Imagine a future where every woman and every young person can access the essential health care and nutrition they need to thrive and to fully participate in the global economy.

Investing in the health and nutrition of women, children, and adolescents saves lives AND is a high-yield economic strategy for poverty reduction, job creation, stability, and long-term prosperity. Healthy beginnings in pregnancy, early childhood, and adolescence enable young people to learn, work, and innovate — generating positive returns throughout their lives for their communities and countries.

The evidence for high return on investment is strong: 

Core interventions in reproductive, maternal, newborn, child, and adolescent health and nutrition cost as little as US$1–US$2 per healthy year of life gained. A 10 percent increase in life expectancy at birth is associated with 0.4 percent higher GDP growth each year. Closing the women’s health gap represents a US$1 trillion economic opportunity.

The world has the tools to end preventable maternal and child deaths and transform countries’ health and economic outcomes, yet recent gains are at risk.

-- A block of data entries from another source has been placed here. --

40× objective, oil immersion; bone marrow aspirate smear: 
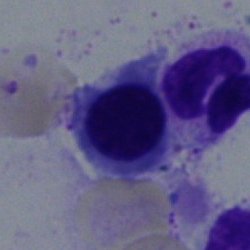Nucleated red cell.
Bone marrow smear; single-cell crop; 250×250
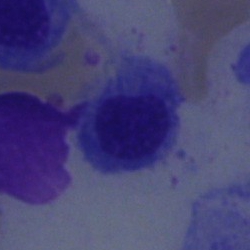 Q: Which cell type is shown here?
A: Normoblast.
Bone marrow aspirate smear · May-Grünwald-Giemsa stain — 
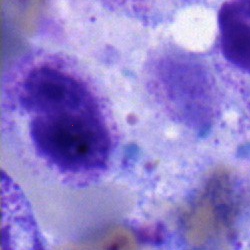 Morphology — band neutrophil.
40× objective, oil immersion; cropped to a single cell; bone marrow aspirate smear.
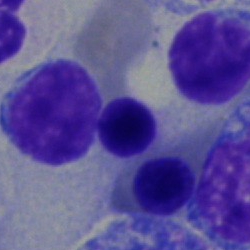Morphology consistent with an erythroblast.

Weather shocks, rising debt, regional conflicts and the lingering economic effects of the COVID pandemic have forced the poorest nations to reduce their health spending below 2019 levels. Compounding these challenges, recent cuts of at least 20 percent or more in development assistance have begun unraveling the lifesaving health services that women and children rely on most. Without concerted action, by 2030 combined government and donor health spending is projected to further decline in over 80 percent of low-income countries and 40 percent of lower-middle-income countries (LMICs).

The imperative now is to prevent backsliding and accelerate access to affordable, quality health care at scale. 

In 2024, the number of children dying before their fifth birthday rose for the first time this century to nearly 4.9 million children, including 2.3 million newborns — 9 deaths per minute. Every day, 700 women die from preventable causes related to pregnancy and childbirth, with approximately 90 percent of those deaths occurring in LMICs. The United Nations estimates 259 million women who want to avoid pregnancy cannot access modern family planning commodities. As LMICs confront a burgeoning youth population and a massive global gap of nearly 300 million jobs within the next decade, moving from successful pilot programs to sustainable, systemwide reforms that expand affordable access to essential health services will propel opportunity, growth, and resilience — with life-changing effects for the next generation.

Investing in the Global Financing Facility (GFF) will accelerate the path to a world where no woman, child, or adolescent dies of preventable causes — and everyone can realize a healthier, more prosperous future.

As a country-led, catalytic platform hosted at the World Bank Group (WBG), the GFF is uniquely equipped to help partner countries tackle these challenges and accelerate progress, by mobilizing additional financing and prioritizing investments in the most cost-effective health interventions. By 2030, support from the GFF will enable partner countries to expand lifesaving care to hundreds of millions more women and children, build a future-fit workforce, and transform their health systems into sustainable engines of shared prosperity — ushering in a new paradigm for global health.